I know this because she is kind and nice to me. In our English class, we talk a lot. She thinks I'm funny. She's never called me fat or stupid. She's even played video games with me. She looks at me in a way that makes me wonder sometimes if she's interested in me. Sometimes the things she says make me wonder too. That's why I'm here. Poor, chubby, all wrong for her but maybe I've got a chance.

"Hey, Sam." She says smiling.

In a daze, I pour my heart out. I tell her I think she's beautiful, great in every way, and that I want to be with her. I tell her I hope there's a chance that somehow she can find it in her heart to return my feelings. I hand her the flowers I bought for her. I wipe the sweat from my palms on my pants. I feel ready to pass out. My knees are weak. They want to buckle.

She seems shocked for a moment. She stammers. She laughs and then apologizes. She rejects me. "I don't feel that way about you." She says, "I don't feel that way about any girl."

I don't think that's true. I explain why I thought I had a shot. I explain about the way she would lay her head on my shoulder when we watched a movie. I remind her of the way she looks at me. I remind her of her "secret crushes" on different girls in our school. There were a lot of reasons I thought she might feel the same way.

I think the "secret crushes" struck a nerve. She looked surprised. She shoved me away from the door and slammed it in my face. "Christina!" I shouted. I heard her lock the door and run upstairs. I left.

I went to a quiet patch of woods behind my house. There was a tree I like to hang out in sometimes. I smoke there when I'm feeling especially like a reject. Today wound up being one of those days.

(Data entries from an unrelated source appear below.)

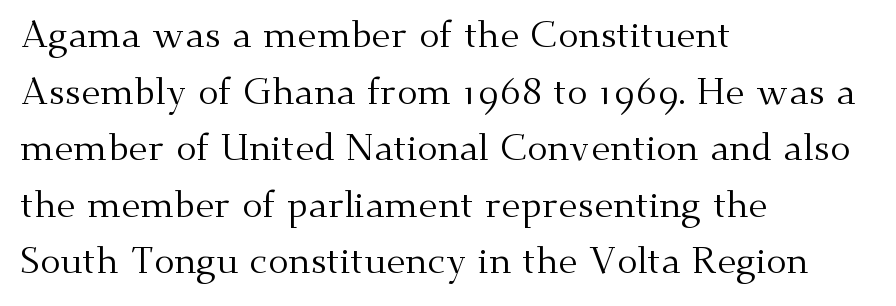
The image shows 38 px regular-weight serif type, upright; set left-aligned, normal line spacing (1.49x), normal letter spacing, not underlined; medium stroke contrast and a small x-height.
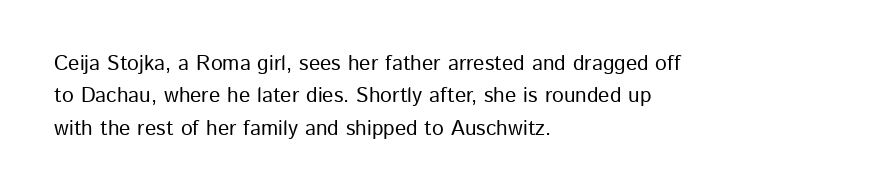
{"italic": "no", "underline": "no", "align": "left", "line_spacing": "normal", "line_spacing_ratio": 1.54, "letter_spacing": "normal", "letter_spacing_em": 0.0, "glyph_px": 21}
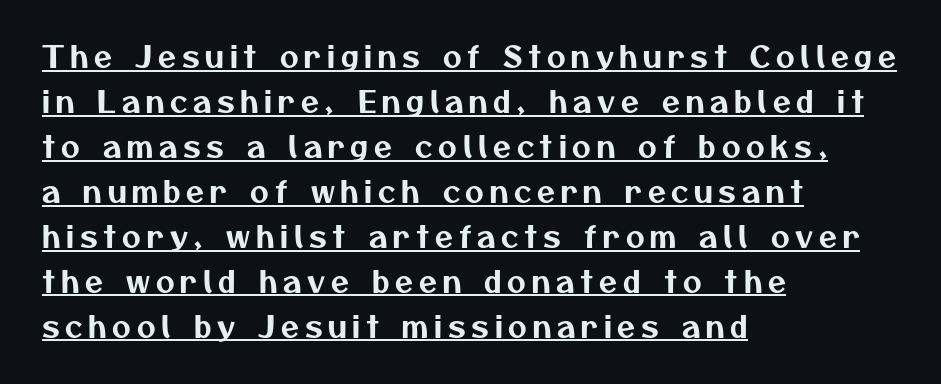
{"serif": "no", "width": "normal", "stroke_contrast": "medium", "x_height": "medium", "monospaced": "no", "underline": "yes", "align": "left", "line_spacing": "normal", "line_spacing_ratio": 1.55, "letter_spacing": "wide", "letter_spacing_em": 0.2, "glyph_px": 29}
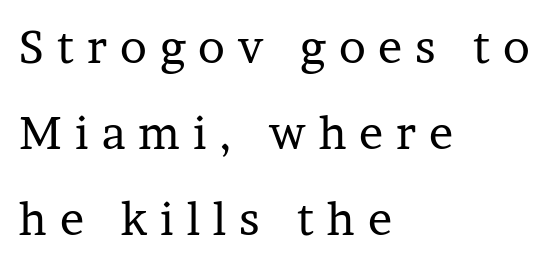
The letterforms stand isolated, each surrounded by extra space. The designer went with a serif here, giving each stem small feet. Spacing verdict: proportional, widths tailored to each character. Is the stroke heavy? The answer is a plain regular-or-lighter. Vertically, the passage feels expansive, rows floating well apart. Descenders are the only things crossing below the line.
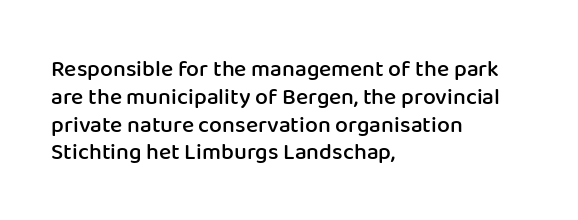
The letters stand straight up with perfectly vertical stems. Standard letterfit; no display-style spreading of the glyphs. Leftover space on each line is placed entirely after the last word. Look at the stroke-to-counter ratio: somewhat heavy, a semibold. Beneath every word, the page is bare.
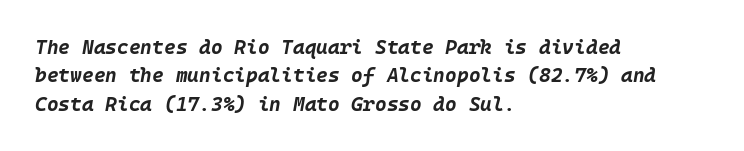
Notice how descenders clear the ascenders below comfortably — that's standard leading. Honestly, there is no underline to notice here at all. Tall strokes in this sample are angled rather than plumb. The setting favours the left margin, as ordinary paragraphs usually do. Strokes here are thick enough to call this a true bold. You could call the tracking neutral — neither tight nor loose.
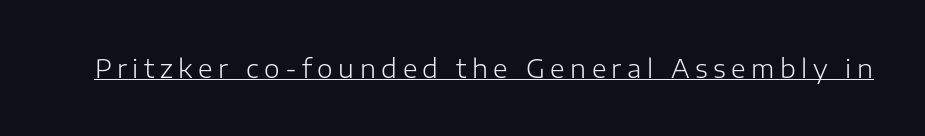
The image shows 25 px text type, upright; set unusually wide letter spacing (+0.22 em), underlined.
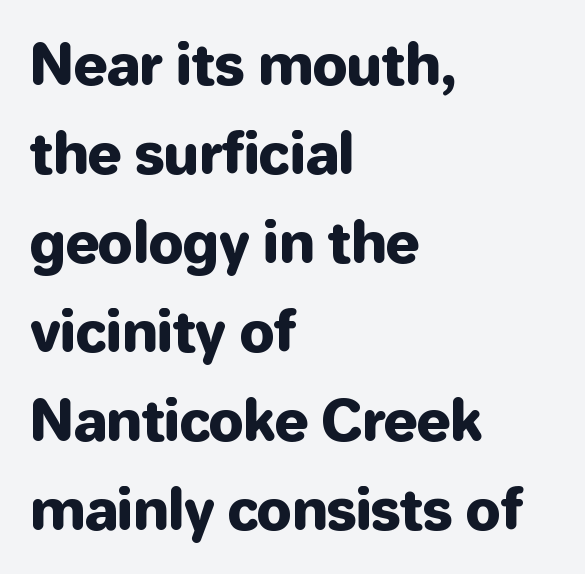
Q: Is the text italic (slanted)? A: No, it is upright.
Q: Is the typeface a serif or a sans-serif typeface? A: Sans-serif.
Q: Is the text underlined? A: No.
Q: How is the paragraph aligned? A: Left-aligned.
Q: Is the spacing between letters normal or unusually wide? A: Normal.
Q: Is the spacing between lines tight, normal or loose? A: Normal.
Q: Width (condensed, normal, or wide)? A: Normal.
Q: Stroke contrast? A: Low.
Q: x-height? A: Medium.
Q: Monospaced? A: No.
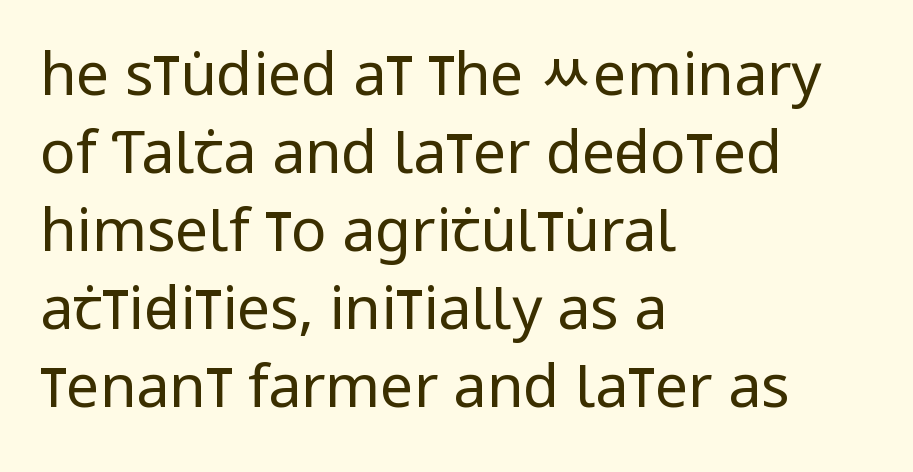
Bold? No — there's no thickening of the strokes. Summary of vertical rhythm: regular, with standard interline spacing. How are the letters spaced? Ordinarily, with no added tracking. Observe the absence of serifs on each vertical stroke in this sample. Plain, unruled lines of type. The text block is weighted toward the left margin, trailing off unevenly rightward.
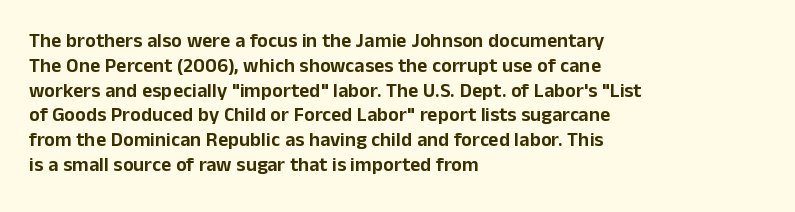
{"italic": "no", "underline": "no", "align": "left", "line_spacing_ratio": 1.24, "letter_spacing": "normal", "letter_spacing_em": 0.0, "glyph_px": 20}
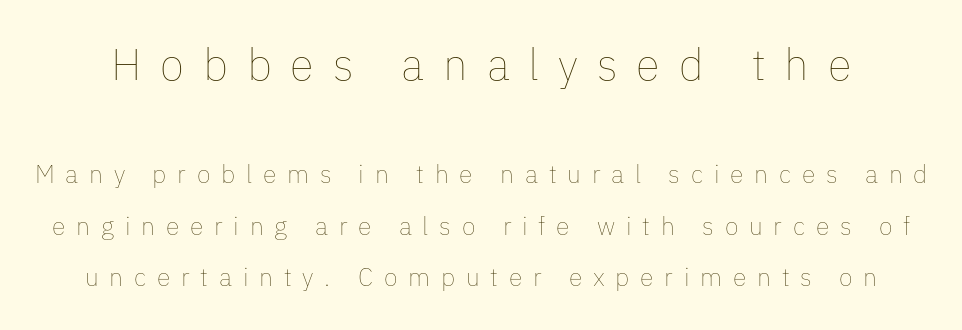
The image shows 44 px thin type, upright; set loose line spacing (2.05x), unusually wide letter spacing (+0.43 em), not underlined; the first (top) block is 1.76x larger; low stroke contrast and a medium x-height.
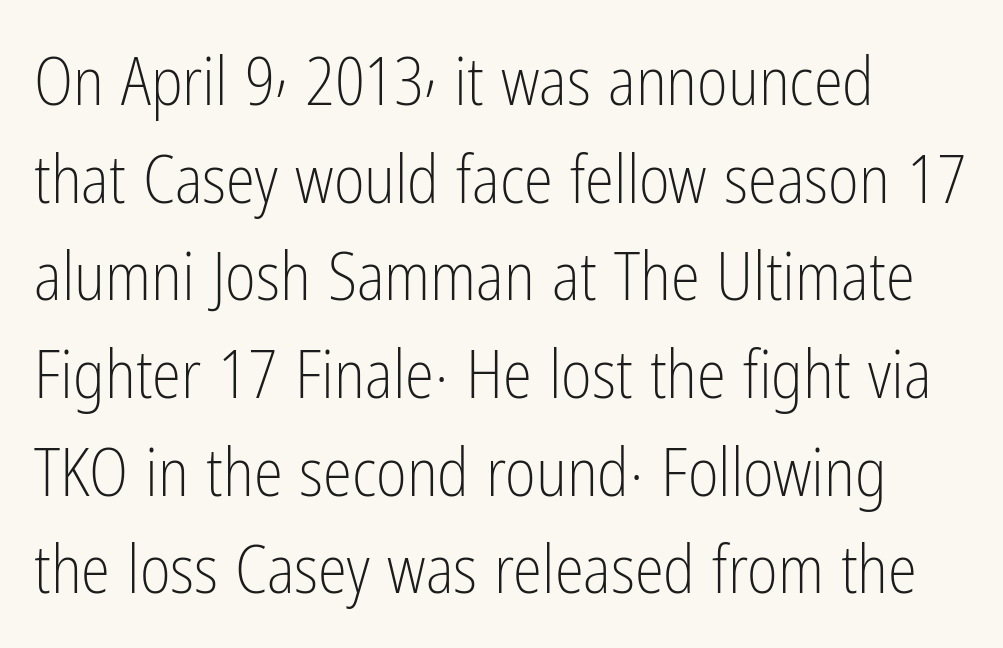
{"serif": "no", "italic": "no", "bold": "no", "weight": "light", "width": "condensed", "stroke_contrast": "low", "x_height": "medium", "monospaced": "no", "underline": "no", "align": "left", "line_spacing": "normal", "line_spacing_ratio": 1.48, "letter_spacing": "normal", "letter_spacing_em": 0.0, "glyph_px": 66}

I don't know why I can't be like other girls my own age. I like some girly stuff. I like pink. I played with dolls growing up. I don't really like dresses. I don't like boys. I never really have. I tried to make it work before. I kissed a boy and hated it. I pushed through. He tried to get me to give him head. I almost threw up. Life's too short to suck a dick if you don't have to.

I just want to be me and be accepted that way. I'm not crazy. There's no pill I can take that will make me like boys. If I'm forced to be with a boy we'll both end up miserable. I have to be who I am. There's no way around it.

I hear some branches breaking and I see a girl about my age walking through the trees. She spots me hanging out in my tree. "Hey." She says.

"Hey." I say, "I'm Sam."

She smiles, "I'm Jackie."

Jackie just moved into the new neighborhood being built behind the woods. We smoke together and talk for hours. Her dad is an author. Her mom is a Veterinarian. She's funny, reads comics, makes mostly A's, and has mole on her neck she's very self conscious about. Turns out she digs girls too. In particular, this one.